A52. Converting the absolute value to a 0-1 range by dividing by 100. normalized = abs(value) / 100.0
A53. Because exponents can mess up negative numbers! (-50)^2 = 2500 (positive - wrong!) We take abs() first, curve it, then restore the sign.
A54. exponent = 1.0. With x^1 = x, output equals input. No curve.
A55. exponent = 3 gives MORE precision. With exponent=2: 25% → 6.25% With exponent=3: 25% → 1.56% Higher exponent = more aggressive curve.
A56. 1. The Straight Line 2. The Square 3. The Figure-8 4. The Slalom
A57. 1. Controller battery level 2. Test all buttons work 3. Warm up your hands 4. Watch opponents' robots
A58. 30 points! (This is a huge bonus - always try to double-park!)
A59. 8 points
A60. 2 feet (60 cm) between cones
A61. Trace of curve_input(50, exponent=2):
- Step 1: sign = 1 (50 is positive)
- Step 2: normalized = 50/100 = 0.5
- Step 3: curved = (0.5)^2 × 100 = 0.25 × 100 = 25
- Step 4: return 1 × 25 = 25
A62. Trace of curve_input(-40, exponent=2):
- Step 1: sign = -1 (-40 is negative)
- Step 2: normalized = 40/100 = 0.4
- Step 3: curved = (0.4)^2 × 100 = 0.16 × 100 = 16
- Step 4: return -1 × 16 = -16
A63. Returns 100. 100/100 = 1.0, (1.0)^2 = 1.0, 1.0 × 100 = 100.

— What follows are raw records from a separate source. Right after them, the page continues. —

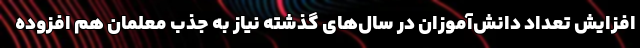
افزایش تعداد دانش‌آموزان در سال‌های گذشته نیاز به جذب معلمان هم افزوده
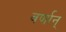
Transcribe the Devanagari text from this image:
वर्णान्
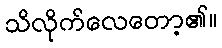
သိလိုက်လေတော့၏။

A64. 6.25% 25/100 = 0.25, (0.25)^2 = 0.0625, × 100 = 6.25
A65. 12.5% 50/100 = 0.5, (0.5)^3 = 0.125, × 100 = 12.5
Section 5: Competition Application¶
A66. TANK drive is better for defense. Reason: Pivot turns are faster and more controlled. You can spin rapidly in place to block opponents with independent stick control.

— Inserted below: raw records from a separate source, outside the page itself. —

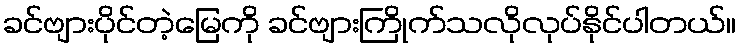
ခင်ဗျားပိုင်တဲ့မြေကို ခင်ဗျားကြိုက်သလိုလုပ်နိုင်ပါတယ်။
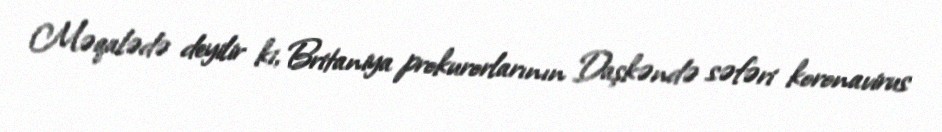
Məqalədə deyilir ki, Britaniya prokurorlarının Daşkəndə səfəri koronavirus
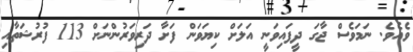
ވެއެވެ. ނަމަވެސް ޖާގަ ދީފައިވަނީ އަލަށް ކިޔަވަން ފަށާ ދަރިވަރުންނަށް 113 ފުރުޝަތާއި
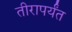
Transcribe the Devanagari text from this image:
तीरापर्यंत
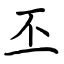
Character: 丕
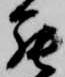
罷

A67. ARCADE drive is better for beginners. Reasons: - Smoother curves (easier to approach goals) - One stick = easier to learn - Free hand for buttons if needed
A68. PARKING! - Stop scoring blocks - Drive directly to park zone - Coordinate with partner for double-park (30 pts!) - Stop moving before time ends
A69. Use threshold=10 or higher. The deadband must be larger than the drift value. 8 < 10, so values of 8 will become 0.
A70. Increase the curve exponent (e.g., from 2.0 to 2.5 or 3.0). Higher exponent = more aggressive curve = smaller outputs for small inputs.